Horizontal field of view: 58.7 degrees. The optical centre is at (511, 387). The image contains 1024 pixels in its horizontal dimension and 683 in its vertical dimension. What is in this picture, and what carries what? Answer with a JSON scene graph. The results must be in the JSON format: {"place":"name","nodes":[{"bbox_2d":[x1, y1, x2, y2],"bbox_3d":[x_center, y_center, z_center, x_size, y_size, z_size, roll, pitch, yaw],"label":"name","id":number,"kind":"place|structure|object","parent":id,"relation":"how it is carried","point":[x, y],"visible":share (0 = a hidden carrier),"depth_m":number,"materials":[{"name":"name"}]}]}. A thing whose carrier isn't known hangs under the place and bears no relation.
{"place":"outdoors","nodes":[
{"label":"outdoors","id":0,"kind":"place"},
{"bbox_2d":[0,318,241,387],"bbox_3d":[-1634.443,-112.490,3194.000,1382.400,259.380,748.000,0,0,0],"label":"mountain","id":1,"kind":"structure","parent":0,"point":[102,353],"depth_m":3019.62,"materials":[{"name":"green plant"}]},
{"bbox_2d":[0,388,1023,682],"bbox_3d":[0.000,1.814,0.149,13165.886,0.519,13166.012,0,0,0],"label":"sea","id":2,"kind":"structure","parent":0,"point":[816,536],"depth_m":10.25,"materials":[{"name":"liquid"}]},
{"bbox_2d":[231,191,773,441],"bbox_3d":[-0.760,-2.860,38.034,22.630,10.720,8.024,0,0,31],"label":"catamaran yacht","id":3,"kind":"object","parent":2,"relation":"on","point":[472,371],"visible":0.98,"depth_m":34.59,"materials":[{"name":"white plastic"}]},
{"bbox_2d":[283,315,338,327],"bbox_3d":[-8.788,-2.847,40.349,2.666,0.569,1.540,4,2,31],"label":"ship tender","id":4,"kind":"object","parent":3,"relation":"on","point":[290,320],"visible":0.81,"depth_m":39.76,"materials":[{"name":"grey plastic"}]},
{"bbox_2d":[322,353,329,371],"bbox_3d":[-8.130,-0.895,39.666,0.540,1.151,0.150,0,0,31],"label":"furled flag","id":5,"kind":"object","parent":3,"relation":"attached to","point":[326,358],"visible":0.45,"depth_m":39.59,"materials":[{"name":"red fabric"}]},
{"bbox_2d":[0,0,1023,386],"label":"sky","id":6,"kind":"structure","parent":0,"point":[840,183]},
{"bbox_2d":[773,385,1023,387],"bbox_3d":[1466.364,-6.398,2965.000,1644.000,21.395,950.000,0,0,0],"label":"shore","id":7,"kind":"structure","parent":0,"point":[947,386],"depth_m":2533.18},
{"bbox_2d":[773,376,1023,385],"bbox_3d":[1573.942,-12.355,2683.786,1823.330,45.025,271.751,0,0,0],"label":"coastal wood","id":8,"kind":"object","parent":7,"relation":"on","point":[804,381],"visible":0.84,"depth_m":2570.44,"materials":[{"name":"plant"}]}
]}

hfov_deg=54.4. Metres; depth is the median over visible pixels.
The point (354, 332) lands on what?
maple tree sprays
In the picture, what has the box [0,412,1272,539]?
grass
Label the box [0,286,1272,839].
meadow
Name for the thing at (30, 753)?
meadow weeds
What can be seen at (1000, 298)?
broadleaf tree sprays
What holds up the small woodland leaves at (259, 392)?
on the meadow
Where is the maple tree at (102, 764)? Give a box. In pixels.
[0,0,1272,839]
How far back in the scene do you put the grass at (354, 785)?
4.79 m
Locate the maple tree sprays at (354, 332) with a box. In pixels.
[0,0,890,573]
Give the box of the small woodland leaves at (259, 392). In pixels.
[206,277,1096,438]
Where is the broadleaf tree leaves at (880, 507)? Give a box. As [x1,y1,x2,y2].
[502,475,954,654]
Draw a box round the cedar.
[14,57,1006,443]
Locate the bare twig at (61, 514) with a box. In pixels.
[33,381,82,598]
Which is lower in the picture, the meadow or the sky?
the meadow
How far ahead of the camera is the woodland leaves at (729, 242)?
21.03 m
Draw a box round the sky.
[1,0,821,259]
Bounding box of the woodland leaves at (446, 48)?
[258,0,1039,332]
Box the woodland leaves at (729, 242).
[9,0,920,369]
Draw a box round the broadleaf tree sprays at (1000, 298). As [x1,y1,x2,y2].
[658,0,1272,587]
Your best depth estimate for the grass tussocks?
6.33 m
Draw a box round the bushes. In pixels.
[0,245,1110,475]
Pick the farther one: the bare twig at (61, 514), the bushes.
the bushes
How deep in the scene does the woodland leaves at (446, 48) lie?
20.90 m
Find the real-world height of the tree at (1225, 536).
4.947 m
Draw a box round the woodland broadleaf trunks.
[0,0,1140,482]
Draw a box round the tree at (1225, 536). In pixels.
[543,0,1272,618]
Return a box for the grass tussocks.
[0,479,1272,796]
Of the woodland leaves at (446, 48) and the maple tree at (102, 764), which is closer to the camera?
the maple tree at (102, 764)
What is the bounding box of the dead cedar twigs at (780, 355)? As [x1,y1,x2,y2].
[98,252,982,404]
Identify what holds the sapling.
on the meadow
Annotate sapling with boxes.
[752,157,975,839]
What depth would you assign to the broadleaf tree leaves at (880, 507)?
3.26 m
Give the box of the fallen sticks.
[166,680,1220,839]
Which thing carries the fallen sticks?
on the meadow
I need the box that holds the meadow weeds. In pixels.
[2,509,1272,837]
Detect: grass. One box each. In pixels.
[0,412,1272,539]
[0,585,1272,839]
####
Each line of the material that has the word "cedar" belongs in the answer.

> **TASK SOLUTION**
Draw a box round the cedar.
What is the bounding box of the dead cedar twigs at (780, 355)? As [x1,y1,x2,y2].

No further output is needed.